FDA Accepts BLA for Nirsevimab for RSV Prevention for Infants


Developed by Sanofi and AstraZeneca, the single-dose long-acting antibody was designed to help protect all infants from birth through their first respiratory syncytial virus (RSV) season.


The FDA has accepted the biologics license application (BLA) for nirsevimab for the prevention of RSV lower respiratory tract disease in newborns and infants entering or during their first RSV season and for children up to 24 months of age who remain vulnerable to severe RSV disease through their second RSV season.

“RSV can be dangerous for some infants and young children. Each year in the United States, an estimated 58,000-80,000 children younger than 5 years old are hospitalized due to RSV infection,” the Centers for Disease Control and Prevention wrote on its site.

Providers on the frontlines have seen a surge in RSV in the pediatric population in recent months, and the youngest patient population remains the most vulnerable.

"A substantial burden of disease from RSV affects infants, families, and healthcare providers every year," William Muller, MD, PhD, associate professor, Pediatrics, Northwestern University Feinberg School of Medicine and scientific director, Clinical and Community Trials, at the Ann & Robert H. Lurie Children’s Hospital of Chicago, Illinois, said in a statement. "Effective interventions to prevent RSV are a critical need. This year in the US, we’ve seen first-hand how frightening the impact of this respiratory disease is on our patients and how stressful it is on the healthcare system, highlighting the urgency of addressing this problem."

Currently there are no prophylactic therapies or vaccines to protect against RSV. Nirsevimab was developed by Sanofi and AstraZeneca to offer newborns and infants direct RSV protection via an antibody to help prevent lower respiratory tract infection (LRTI) caused by RSV. Monoclonal antibodies do not require the activation of the immune system to help offer timely, rapid and direct protection against disease.

What the Data Shows
The submission is based on results from Sanofi and AstraZeneca’s phase 3 MELODY, phase 2/3 MEDLEY and phase 2b trials. Results across the MELODY and phase 2b trials showed that nirsevimab demonstrated consistent protection of approximately 80%, against medically attended RSV disease with a single dose.

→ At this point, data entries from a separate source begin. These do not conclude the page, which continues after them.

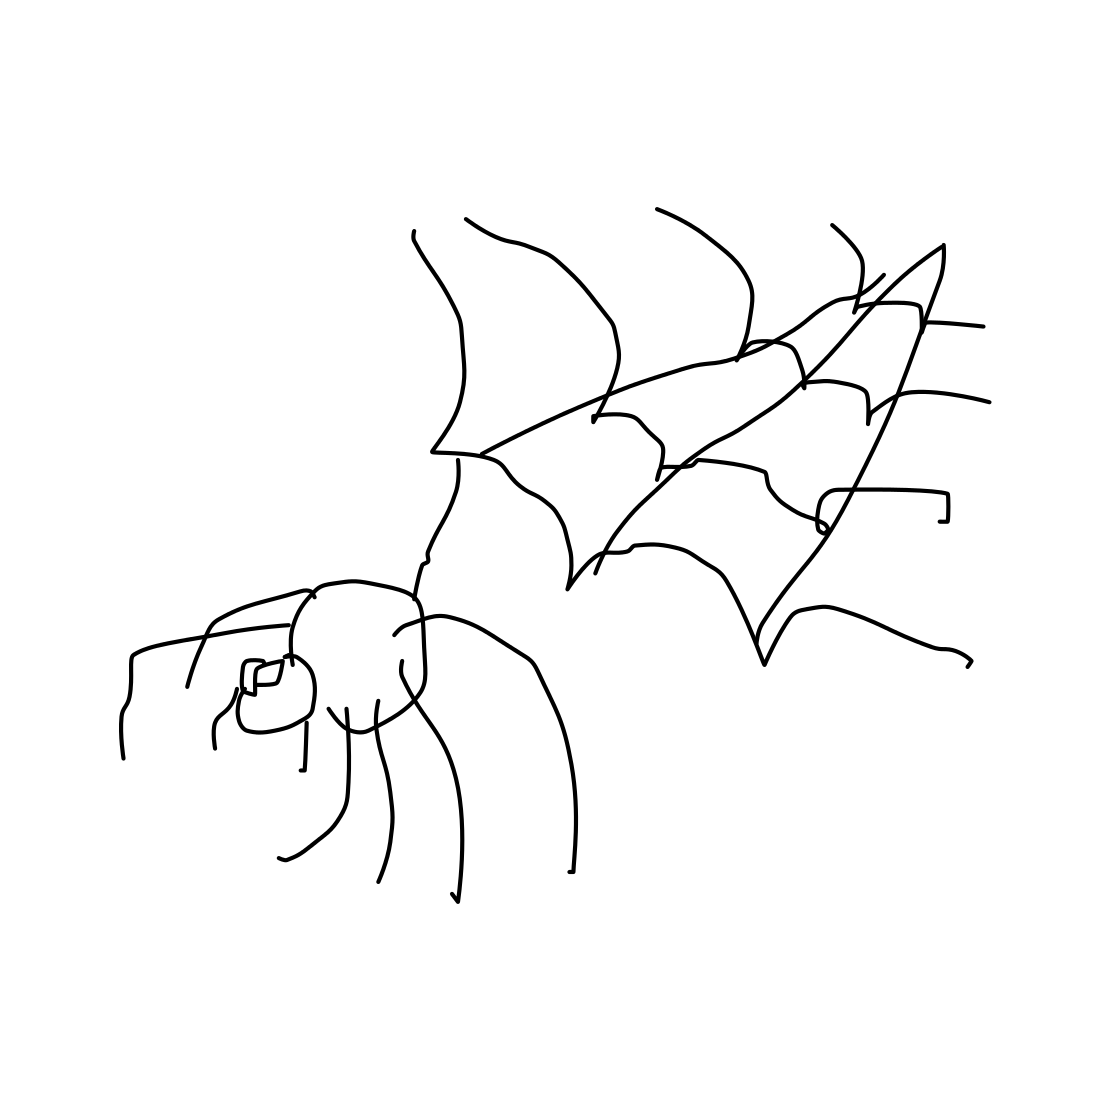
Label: spider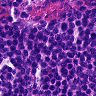
Metastatic tissue present: no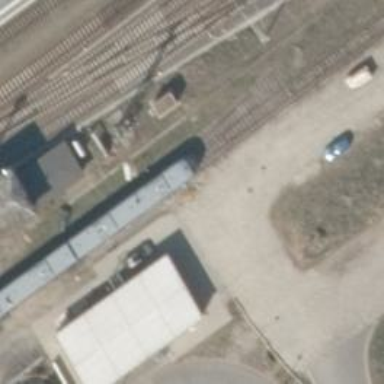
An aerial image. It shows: Unused railway yard.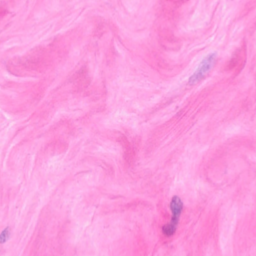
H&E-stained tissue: Breast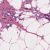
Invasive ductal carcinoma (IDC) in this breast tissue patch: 1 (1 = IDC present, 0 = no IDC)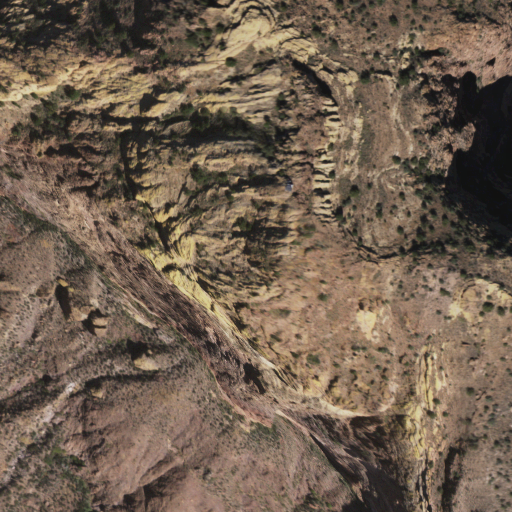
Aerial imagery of mountain in Arizona named Mount Ajo containing only shrub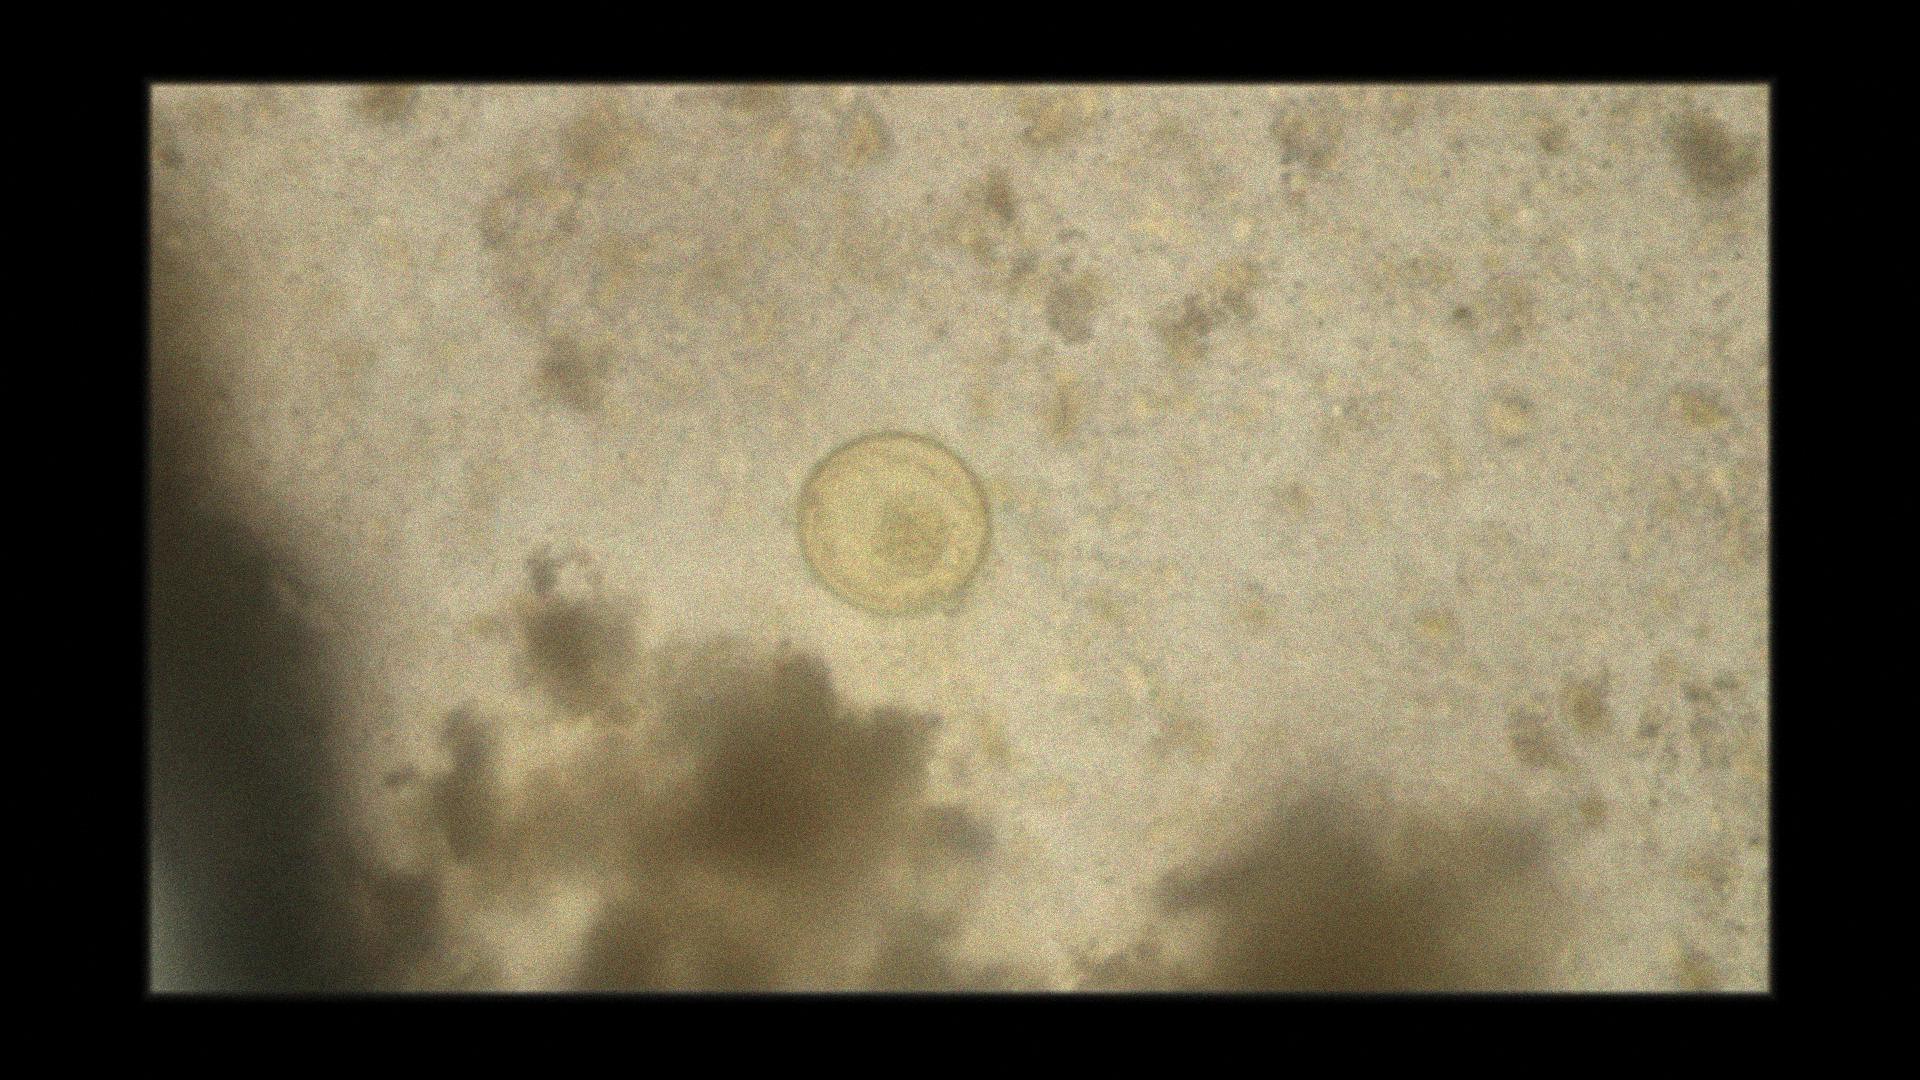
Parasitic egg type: Hymenolepis diminuta

The phase 3 MELODY trial was a randomized, placebo-controlled trial conducted across 21 countries designed to determine efficacy of nirsevimab against medically attended LRTI due to RSV confirmed by reverse transcriptase polymerase chain reaction testing through 150 days after dosing, versus placebo, in healthy late preterm and term infants (35 weeks gestational age or greater) entering their first RSV season. The primary endpoint was met, significantly reducing the incidence of medically attended LRTI, such as bronchiolitis or pneumonia, caused by RSV compared to placebo. Infants were randomized (2:1) to receive a single 50mg (in infants weighing <5kg) or 100mg (in infants weighing ≥5kg) intramuscular injection of nirsevimab or placebo.

Potential Approval Timeline
The Prescription Drug User Fee Act date will be in the third quarter of 2023, and the companies anticipate the potential availability of nirsevimab for next year’s RSV season. “It is our intention to make nirsevimab available, if approved in time, for the 2023/2024 season to help alleviate the burden of RSV on families and the healthcare system,” Thomas Triomphe, executive vice president, Vaccines, Sanofi, said in a statement.